Correlation Between Hf Foods and Brunswick
Can any of the company-specific risk be diversified away by investing in both Hf Foods and Brunswick at the same time? Although using a correlation coefficient on its own may not help to predict future stock returns, this module helps to understand the diversifiable risk of combining Hf Foods and Brunswick into the same portfolio, which is an essential part of the fundamental portfolio management process.
By analyzing existing cross correlation between Hf Foods Group and Brunswick, you can compare the effects of market volatilities on Hf Foods and Brunswick and check how they will diversify away market risk if combined in the same portfolio for a given time horizon. You can also utilize pair trading strategies of matching a long position in Hf Foods with a short position of Brunswick. Check out your portfolio center. Please also check ongoing floating volatility patterns of Hf Foods and Brunswick.

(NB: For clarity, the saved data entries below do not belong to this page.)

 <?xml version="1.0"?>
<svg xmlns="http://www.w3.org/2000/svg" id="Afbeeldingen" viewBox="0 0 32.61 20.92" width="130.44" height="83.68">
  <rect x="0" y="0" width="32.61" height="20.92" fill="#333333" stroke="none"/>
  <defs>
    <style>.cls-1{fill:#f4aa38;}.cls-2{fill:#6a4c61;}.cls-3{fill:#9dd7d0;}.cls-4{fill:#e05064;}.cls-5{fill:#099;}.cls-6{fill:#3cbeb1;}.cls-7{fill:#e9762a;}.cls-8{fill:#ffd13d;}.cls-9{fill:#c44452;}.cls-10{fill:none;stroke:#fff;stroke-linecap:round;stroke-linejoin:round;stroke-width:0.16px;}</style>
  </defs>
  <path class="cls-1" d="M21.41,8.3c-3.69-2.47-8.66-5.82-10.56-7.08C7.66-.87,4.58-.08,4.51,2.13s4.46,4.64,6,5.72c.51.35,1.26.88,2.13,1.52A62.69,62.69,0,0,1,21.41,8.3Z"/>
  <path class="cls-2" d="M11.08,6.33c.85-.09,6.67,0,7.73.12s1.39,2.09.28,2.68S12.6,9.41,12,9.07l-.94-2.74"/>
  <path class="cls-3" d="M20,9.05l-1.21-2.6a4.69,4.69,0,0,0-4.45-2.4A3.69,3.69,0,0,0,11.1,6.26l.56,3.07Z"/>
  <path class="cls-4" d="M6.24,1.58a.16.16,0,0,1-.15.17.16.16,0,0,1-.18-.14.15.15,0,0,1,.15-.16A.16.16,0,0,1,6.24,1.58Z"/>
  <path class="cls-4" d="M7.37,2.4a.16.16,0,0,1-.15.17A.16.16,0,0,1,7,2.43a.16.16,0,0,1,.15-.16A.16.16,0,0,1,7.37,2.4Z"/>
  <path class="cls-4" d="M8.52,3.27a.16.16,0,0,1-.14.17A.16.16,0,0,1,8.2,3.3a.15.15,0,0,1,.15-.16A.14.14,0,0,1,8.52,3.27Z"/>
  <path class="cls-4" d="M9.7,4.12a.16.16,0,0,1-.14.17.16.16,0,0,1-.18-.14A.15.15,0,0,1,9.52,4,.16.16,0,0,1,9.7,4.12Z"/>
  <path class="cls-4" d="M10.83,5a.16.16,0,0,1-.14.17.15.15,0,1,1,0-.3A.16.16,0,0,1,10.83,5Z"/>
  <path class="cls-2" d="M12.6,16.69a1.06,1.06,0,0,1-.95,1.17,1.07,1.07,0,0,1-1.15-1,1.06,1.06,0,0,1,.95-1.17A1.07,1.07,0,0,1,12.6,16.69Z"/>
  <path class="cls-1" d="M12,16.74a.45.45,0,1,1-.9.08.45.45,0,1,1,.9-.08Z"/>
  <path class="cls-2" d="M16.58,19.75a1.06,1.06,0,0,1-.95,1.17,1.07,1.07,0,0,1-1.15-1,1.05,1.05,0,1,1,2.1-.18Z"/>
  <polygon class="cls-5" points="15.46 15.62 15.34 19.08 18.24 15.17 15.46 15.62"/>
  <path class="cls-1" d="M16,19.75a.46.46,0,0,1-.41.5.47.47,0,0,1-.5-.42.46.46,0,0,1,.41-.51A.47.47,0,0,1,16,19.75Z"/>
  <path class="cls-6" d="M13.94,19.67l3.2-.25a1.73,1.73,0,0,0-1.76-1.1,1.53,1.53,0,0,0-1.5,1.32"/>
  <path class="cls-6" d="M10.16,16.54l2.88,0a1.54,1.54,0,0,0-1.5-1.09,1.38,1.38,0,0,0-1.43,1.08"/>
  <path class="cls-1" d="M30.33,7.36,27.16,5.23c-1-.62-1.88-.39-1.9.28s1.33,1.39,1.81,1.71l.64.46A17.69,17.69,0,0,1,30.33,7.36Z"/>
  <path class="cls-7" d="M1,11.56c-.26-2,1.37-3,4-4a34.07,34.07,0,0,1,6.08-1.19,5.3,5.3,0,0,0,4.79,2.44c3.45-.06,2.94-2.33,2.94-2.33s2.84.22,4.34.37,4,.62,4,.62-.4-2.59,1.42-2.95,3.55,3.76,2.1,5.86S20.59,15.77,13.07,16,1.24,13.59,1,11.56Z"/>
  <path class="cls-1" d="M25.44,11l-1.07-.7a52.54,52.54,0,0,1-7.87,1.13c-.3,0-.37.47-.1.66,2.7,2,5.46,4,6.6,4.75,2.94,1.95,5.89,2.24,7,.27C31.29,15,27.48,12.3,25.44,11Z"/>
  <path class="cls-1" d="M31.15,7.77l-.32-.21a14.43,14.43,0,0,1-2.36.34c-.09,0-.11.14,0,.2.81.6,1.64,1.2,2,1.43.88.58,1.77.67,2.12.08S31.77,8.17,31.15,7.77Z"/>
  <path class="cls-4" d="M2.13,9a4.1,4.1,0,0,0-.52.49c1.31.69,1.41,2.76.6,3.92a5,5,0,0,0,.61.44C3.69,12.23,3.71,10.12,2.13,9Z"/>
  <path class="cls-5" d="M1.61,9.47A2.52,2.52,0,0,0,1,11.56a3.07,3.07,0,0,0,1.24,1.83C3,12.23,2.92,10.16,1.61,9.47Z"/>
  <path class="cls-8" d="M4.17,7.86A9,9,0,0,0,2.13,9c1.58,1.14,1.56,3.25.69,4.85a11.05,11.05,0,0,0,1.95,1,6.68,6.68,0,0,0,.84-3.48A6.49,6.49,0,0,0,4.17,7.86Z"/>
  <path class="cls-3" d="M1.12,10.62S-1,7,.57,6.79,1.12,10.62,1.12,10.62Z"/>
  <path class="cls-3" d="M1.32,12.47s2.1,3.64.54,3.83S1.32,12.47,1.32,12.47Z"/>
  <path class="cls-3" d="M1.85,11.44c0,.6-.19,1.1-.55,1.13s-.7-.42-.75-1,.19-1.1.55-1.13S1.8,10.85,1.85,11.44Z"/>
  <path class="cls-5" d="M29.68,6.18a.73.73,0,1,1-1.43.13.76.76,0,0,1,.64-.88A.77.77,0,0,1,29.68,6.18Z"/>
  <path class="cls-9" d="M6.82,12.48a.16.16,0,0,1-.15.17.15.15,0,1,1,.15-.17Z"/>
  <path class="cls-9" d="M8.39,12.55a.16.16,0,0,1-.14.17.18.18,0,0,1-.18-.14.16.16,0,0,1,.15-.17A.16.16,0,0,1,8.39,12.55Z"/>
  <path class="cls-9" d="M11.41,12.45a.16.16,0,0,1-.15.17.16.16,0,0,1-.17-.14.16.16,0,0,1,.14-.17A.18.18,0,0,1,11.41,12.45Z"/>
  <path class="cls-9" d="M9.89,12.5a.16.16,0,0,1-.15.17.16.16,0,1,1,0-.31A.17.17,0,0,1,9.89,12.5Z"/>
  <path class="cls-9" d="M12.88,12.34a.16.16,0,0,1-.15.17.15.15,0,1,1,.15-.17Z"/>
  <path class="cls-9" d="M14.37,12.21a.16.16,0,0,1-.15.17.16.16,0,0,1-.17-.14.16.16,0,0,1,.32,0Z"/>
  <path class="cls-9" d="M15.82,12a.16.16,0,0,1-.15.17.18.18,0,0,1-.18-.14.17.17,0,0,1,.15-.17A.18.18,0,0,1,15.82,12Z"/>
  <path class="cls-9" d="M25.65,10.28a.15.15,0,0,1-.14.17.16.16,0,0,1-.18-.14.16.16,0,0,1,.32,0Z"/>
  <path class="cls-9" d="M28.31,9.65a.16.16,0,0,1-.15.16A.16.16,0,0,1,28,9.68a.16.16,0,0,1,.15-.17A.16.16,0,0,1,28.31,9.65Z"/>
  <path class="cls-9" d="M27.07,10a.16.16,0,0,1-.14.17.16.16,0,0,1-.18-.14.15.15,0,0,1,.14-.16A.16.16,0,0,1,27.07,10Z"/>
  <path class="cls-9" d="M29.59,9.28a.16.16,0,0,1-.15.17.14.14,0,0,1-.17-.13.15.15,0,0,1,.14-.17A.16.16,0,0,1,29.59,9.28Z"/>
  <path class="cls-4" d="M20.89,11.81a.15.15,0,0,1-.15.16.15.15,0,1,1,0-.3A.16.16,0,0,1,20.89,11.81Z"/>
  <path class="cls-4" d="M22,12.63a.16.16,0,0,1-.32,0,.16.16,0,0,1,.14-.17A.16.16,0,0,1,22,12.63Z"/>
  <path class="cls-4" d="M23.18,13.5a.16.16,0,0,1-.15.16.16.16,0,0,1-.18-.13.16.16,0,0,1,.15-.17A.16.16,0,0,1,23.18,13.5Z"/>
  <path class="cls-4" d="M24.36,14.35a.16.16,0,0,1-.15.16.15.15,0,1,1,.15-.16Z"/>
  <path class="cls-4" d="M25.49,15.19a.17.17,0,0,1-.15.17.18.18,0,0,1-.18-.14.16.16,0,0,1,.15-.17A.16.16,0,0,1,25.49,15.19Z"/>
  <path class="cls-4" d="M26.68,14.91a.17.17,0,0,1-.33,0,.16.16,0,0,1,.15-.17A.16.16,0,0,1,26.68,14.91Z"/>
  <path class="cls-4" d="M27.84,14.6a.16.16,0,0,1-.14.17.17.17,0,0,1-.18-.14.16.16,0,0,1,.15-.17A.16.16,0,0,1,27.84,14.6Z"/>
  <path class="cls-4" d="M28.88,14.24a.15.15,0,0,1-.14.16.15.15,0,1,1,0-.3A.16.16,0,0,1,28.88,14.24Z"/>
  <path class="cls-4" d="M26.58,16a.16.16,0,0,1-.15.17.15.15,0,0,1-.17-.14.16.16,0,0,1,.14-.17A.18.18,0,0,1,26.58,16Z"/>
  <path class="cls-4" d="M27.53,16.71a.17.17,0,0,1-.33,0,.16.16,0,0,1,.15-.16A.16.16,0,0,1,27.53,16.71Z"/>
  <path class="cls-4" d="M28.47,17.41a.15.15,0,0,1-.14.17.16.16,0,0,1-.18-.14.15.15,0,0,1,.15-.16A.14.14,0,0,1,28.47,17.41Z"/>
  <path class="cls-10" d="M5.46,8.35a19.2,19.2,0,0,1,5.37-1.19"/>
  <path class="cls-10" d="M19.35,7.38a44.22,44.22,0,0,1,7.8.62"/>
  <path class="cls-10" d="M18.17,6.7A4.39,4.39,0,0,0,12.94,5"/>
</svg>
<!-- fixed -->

Diversification Opportunities for Hf Foods and Brunswick
Very weak diversification
The 3 months correlation between HFFG and Brunswick is 0.52. Overlapping area represents the amount of risk that can be diversified away by holding Hf Foods Group and Brunswick in the same portfolio, assuming nothing else is changed. The correlation between historical prices or returns on Brunswick and Hf Foods is a relative statistical measure of the degree to which these equity instruments tend to move together. The correlation coefficient measures the extent to which returns on Hf Foods Group are associated (or correlated) with Brunswick. Values of the correlation coefficient range from -1 to +1, where. The correlation of zero (0) is possible when the price movement of Brunswick has no effect on the direction of Hf Foods i.e., Hf Foods and Brunswick go up and down completely randomly.
Pair Corralation between Hf Foods and Brunswick
Given the investment horizon of 90 days Hf Foods Group is expected to generate 0.85 times more return on investment than Brunswick. However, Hf Foods Group is 1.18 times less risky than Brunswick. It trades about 0.25 of its potential returns per unit of risk. Brunswick is currently generating about 0.01 per unit of risk. If you would invest 333.00 in Hf Foods Group on September 4, 2024 and sell it today you would earn a total of 37.00 from holding Hf Foods Group or generate 11.11% return on investment over 90 days.
Time Period | 3 Months [change] |
Direction | Moves Together |
Strength | Weak |
Accuracy | 100.0% |
Values | Daily Returns |
Hf Foods Group vs. Brunswick
Performance |
Timeline |
Hf Foods Group |
Brunswick |
Hf Foods and Brunswick Volatility Contrast
Predicted Return Density |
Returns |
Pair Trading with Hf Foods and Brunswick
The main advantage of trading using opposite Hf Foods and Brunswick positions is that it hedges away some unsystematic risk. Because of two separate transactions, even if Hf Foods position performs unexpectedly, Brunswick can make up some of the losses. Pair trading also minimizes risk from directional movements in the market. For example, if an entire industry or sector drops because of unexpected headlines, the short position in Brunswick will offset losses from the drop in Brunswick's long position.Hf Foods vs. Innovative Food Hldg | Hf Foods vs. G Willi Food International | Hf Foods vs. Calavo Growers | Hf Foods vs. The Chefs Warehouse |
Brunswick vs. Thor Industries | Brunswick vs. BRP Inc | Brunswick vs. EZGO Technologies | Brunswick vs. Polaris Industries |
Check out your portfolio center.Note that this page's information should be used as a complementary analysis to find the right mix of equity instruments to add to your existing portfolios or create a brand new portfolio. You can also try the Analyst Advice module to analyst recommendations and target price estimates broken down by several categories.